Fece per avvicinarsi ad uno dei cittadini che giravano per le strade del villaggio, ma si fermò di colpo scorgendo all’orizzonte, ovvero a bordo mappa, una scena che non aveva mai visto fino al quel momento: dalla via dell’Impero spuntavano a piccoli gruppi degli uomini con vesti di pelle marroni, trascinanti ognuno un carretto giallo, coperto da alcuni teli; dietro ogni carretto v’era un cane bianco, con la coda sollevata a mezza altezza. Tutti avevano un’espressione contrita, evidentemente arrabbiati per qualche ragione oscura. Sertorius, che aveva riconosciuto la sagoma tipica degli immigranti, era sorpreso di vederli spuntare dalla via d’uscita, per di più con quell’espressione truce, del tutto inconciliabile con i toni placidi e gioviali con i quali essi erano soliti parlare. S’accostò ad uno di essi per indagare:
- Ave, buon uomo! Spero non ti sia di disturbo se ti faccio qualche domanda. Posso sapere da dove venite? Ho sempre desiderato sapere da dove arrivano gli immigranti! -
L’uomo al quale si era avvicinato lo squadrò da capo a piedi con una smorfia a metà tra il divertito e il disgustato, che ricordò a Sertorius l’aspetto, non certo decente, con il quale era costretto a presentarsi, poi rispose:
- Immigrante? Io? Chiunque tu sia, faresti bene a mettere tra te e questa città più distanza possibile come stiamo facendo tutti. Già è difficile trovare lavoro e quando lo trovi fai la fame lo stesso! Il mio cane non lavorerebbe per l’elemosina che danno qui! Me ne vado! -
E così dicendo riprese a camminare verso il punto dal quale Sertorius era entrato. Ma questi, non pago della risposta ricevuta, lo seguì fermandolo nuovamente. L’uomo parve non gradire affatto:
- Ma, buon uomo! Un istante ancora! Non mi hai risposto! Hai detto che qui vicino c’è una città! Si tratta di Mediolanum forse? Sto cercando di raggiungerla! E poi, perdonami se ti contraddico, ma sapevo che i salari da queste parti fossero generosissimi! -
Il suo interlocutore sgranò gli occhi, evidentemente sorpreso di sentirsi parlare a quel modo da quello che si stava sempre più convincendo - Sertorius glielo leggeva in faccia - essere un perfetto idiota, cosa che avrebbe giustificato tra l’altro il suo ridicolo abbigliamento.

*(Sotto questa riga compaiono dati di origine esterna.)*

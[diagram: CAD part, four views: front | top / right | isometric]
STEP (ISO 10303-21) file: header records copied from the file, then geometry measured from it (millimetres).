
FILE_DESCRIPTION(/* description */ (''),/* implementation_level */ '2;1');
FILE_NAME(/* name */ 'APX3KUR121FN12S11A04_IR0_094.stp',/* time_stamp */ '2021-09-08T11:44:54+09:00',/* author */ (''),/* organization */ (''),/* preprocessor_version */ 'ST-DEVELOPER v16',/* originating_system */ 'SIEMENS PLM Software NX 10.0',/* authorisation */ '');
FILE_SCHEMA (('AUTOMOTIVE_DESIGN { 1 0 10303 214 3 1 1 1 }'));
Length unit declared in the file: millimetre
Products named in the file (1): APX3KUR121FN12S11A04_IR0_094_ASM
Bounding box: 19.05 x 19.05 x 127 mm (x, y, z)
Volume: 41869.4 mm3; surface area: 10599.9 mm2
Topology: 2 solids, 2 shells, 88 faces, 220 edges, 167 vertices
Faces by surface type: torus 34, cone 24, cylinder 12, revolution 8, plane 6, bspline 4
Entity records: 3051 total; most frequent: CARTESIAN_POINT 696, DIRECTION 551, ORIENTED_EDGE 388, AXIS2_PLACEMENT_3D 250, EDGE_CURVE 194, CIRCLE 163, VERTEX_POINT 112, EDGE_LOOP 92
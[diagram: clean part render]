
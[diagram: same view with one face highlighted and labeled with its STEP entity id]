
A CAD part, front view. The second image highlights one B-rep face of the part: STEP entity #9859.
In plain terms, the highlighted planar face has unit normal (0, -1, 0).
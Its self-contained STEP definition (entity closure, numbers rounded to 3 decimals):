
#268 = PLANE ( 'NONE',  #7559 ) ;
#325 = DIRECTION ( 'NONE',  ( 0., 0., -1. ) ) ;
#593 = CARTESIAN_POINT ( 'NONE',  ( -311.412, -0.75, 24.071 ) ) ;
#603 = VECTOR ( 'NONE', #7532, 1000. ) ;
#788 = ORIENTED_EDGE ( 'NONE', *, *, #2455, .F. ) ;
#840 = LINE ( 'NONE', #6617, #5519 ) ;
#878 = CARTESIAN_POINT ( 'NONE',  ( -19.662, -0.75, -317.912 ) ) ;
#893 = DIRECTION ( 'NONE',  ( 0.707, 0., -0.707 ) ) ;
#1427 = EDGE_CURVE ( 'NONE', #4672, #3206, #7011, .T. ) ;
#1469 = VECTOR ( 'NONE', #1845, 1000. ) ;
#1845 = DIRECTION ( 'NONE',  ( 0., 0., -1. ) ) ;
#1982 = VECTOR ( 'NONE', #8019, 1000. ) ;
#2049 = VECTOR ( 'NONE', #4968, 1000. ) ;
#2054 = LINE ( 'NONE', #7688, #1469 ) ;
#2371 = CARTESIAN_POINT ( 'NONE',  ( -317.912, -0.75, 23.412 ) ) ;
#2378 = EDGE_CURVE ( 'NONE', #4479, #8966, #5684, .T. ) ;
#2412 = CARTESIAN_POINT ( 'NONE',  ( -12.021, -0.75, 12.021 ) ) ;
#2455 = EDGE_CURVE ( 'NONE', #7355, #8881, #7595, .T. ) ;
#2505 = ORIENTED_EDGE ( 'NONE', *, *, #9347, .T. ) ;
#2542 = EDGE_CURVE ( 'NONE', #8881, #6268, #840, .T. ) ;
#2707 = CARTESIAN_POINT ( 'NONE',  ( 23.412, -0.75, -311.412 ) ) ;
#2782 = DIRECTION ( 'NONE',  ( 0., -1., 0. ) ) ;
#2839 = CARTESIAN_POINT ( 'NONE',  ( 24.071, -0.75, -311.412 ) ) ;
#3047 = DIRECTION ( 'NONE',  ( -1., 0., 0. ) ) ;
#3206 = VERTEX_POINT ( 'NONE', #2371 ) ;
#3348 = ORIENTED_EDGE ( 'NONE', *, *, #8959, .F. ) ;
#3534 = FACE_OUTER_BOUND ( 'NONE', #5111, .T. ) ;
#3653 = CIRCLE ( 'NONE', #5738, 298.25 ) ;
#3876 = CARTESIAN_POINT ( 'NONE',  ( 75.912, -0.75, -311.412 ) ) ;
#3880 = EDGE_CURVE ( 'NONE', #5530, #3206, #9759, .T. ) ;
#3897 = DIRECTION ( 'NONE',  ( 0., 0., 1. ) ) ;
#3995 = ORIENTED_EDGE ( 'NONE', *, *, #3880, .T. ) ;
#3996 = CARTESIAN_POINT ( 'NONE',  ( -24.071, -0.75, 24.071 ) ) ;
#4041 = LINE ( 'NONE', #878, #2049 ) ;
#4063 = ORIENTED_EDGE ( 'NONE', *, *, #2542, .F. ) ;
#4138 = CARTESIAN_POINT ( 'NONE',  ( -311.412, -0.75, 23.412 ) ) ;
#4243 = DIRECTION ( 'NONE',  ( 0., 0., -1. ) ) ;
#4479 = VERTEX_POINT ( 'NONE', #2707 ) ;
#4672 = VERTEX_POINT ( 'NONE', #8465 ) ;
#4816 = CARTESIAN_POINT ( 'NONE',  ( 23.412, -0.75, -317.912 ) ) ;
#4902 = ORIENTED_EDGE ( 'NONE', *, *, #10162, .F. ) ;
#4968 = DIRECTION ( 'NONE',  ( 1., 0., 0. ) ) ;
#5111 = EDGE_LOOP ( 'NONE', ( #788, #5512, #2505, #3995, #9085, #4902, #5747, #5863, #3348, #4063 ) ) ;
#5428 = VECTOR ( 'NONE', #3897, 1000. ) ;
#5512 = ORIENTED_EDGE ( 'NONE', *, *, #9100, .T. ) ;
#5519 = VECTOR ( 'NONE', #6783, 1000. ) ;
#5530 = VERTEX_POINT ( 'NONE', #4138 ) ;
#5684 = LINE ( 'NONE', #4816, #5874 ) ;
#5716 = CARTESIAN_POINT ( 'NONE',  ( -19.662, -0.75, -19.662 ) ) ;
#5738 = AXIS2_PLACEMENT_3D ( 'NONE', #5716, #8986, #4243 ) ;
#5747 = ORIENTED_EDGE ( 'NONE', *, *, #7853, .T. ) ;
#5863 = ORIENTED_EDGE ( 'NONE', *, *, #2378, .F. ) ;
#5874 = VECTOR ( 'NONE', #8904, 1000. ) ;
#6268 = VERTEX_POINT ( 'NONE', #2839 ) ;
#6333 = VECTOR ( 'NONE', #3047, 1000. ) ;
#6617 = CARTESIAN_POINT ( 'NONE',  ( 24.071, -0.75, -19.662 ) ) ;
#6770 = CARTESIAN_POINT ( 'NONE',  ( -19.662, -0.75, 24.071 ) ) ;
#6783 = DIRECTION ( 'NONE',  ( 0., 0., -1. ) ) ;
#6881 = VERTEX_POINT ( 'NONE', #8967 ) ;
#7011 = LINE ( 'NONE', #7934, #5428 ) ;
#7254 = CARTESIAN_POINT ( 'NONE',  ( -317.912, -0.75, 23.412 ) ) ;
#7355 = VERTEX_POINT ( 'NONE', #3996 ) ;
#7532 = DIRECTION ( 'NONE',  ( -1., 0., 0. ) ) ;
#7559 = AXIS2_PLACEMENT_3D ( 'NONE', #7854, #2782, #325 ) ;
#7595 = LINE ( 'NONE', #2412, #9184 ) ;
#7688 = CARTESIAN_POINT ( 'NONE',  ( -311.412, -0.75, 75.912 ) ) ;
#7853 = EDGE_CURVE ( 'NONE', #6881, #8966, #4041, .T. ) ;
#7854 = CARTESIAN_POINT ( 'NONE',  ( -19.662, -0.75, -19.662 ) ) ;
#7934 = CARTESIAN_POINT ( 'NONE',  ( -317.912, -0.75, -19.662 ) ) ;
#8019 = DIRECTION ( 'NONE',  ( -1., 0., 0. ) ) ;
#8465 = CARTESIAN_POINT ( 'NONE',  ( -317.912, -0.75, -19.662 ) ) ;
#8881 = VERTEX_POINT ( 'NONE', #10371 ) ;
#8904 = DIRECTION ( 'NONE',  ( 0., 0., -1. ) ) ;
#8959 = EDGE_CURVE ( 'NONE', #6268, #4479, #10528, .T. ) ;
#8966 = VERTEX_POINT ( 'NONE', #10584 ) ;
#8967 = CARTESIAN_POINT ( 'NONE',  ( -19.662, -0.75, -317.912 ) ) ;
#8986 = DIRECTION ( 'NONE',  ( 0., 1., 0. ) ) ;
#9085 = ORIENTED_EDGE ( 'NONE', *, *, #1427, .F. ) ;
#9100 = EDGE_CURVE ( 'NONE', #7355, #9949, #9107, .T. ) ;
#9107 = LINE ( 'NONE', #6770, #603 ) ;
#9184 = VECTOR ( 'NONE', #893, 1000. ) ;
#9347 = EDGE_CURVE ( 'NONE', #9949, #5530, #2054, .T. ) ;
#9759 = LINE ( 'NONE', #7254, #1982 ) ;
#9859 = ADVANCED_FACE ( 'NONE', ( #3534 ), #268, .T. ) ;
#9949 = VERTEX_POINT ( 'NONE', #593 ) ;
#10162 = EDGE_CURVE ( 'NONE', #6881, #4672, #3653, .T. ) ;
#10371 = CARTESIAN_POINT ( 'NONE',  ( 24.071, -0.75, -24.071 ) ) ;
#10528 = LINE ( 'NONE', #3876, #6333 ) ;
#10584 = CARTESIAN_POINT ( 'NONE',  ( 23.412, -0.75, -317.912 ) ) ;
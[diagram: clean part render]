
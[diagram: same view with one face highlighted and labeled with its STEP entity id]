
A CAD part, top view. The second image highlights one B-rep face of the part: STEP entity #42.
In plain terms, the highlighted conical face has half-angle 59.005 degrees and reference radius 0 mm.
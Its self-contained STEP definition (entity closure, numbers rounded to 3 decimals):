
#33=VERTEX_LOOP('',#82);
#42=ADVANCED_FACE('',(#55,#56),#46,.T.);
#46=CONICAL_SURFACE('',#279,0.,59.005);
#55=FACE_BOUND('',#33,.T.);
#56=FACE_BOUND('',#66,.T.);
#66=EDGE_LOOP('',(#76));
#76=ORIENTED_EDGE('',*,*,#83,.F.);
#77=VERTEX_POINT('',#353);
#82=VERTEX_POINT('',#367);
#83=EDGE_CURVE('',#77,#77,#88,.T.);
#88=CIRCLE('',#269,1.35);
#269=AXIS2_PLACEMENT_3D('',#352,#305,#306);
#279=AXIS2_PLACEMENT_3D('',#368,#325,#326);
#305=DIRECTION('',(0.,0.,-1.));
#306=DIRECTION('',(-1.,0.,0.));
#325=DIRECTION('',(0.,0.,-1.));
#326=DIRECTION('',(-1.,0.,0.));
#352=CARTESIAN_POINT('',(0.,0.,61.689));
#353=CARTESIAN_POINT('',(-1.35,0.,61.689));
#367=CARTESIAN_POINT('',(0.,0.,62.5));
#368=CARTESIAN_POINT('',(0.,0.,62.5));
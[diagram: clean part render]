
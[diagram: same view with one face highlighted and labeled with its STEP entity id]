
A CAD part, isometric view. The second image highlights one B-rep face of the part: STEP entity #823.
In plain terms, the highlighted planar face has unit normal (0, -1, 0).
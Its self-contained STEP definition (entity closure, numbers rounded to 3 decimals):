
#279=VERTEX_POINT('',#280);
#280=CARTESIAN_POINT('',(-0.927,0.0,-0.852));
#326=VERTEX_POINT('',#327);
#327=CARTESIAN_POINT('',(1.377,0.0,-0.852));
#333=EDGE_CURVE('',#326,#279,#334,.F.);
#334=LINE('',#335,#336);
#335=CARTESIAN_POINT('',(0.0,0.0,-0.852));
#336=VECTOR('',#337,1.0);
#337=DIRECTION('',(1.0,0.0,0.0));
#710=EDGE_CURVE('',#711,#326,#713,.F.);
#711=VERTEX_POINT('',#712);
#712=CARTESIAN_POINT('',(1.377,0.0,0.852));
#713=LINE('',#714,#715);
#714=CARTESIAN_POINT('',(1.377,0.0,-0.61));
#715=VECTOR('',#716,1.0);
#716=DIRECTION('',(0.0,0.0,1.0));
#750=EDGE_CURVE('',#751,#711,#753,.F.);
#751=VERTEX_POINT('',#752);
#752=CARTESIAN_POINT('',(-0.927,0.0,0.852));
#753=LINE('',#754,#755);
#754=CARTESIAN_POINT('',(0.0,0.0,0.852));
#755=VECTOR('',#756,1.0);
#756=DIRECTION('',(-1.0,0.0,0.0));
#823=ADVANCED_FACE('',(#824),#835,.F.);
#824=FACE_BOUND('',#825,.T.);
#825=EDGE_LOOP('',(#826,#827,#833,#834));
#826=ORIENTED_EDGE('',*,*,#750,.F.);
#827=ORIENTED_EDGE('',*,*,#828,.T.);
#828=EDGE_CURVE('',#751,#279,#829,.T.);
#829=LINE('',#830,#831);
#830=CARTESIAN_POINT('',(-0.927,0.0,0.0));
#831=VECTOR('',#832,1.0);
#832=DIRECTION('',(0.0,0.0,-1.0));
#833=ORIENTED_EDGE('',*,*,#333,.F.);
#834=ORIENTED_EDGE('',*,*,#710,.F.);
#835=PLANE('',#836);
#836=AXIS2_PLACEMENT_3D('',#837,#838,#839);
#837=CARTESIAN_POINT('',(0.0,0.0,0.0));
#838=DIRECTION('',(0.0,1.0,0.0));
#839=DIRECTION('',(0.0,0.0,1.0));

Forse spinto dalla volontà di liberarsene quanto prima rispose:
- A Mediolanum? I salari sono stati generosi molto tempo fa, all’epoca delle invasioni dei Cartaginesi: pare ci fosse un grande governatore a quel tempo, che aveva costruito una splendida città sorta in tempi nefasti e per di più sulla rotta delle armate di quell’Annibale. Ma adesso non ne resta un briciolo della sua vecchia gloria. Ed ora, scusami tanto, ma, come ho detto prima, vorrei allontanarmi il più possibile da questo posto -
E se ne andò lasciando Sertorius sbalordito da quella rivelazione. Mediolanum decaduta a quel modo? E com’era accaduto tutto questo? Era sicuro di aver lasciato una città fiorente con salari il doppio più consistenti di quelli di Roma e tasse molto poco esose. Eppure quell’uomo sosteneva il contrario. Una smania improvvisa lo assalì: doveva sapere cosa era successo alla sua vecchia città, ma soprattutto doveva farsi riconoscere dai suoi cittadini, i quali lo avrebbero certamente accolto festosamente per di più nelle condizioni in cui si trovavano attualmente. Deciso com’era ad andare in fondo ai suoi propositi, Sertorius si mosse risoluto verso l’ultimo confine.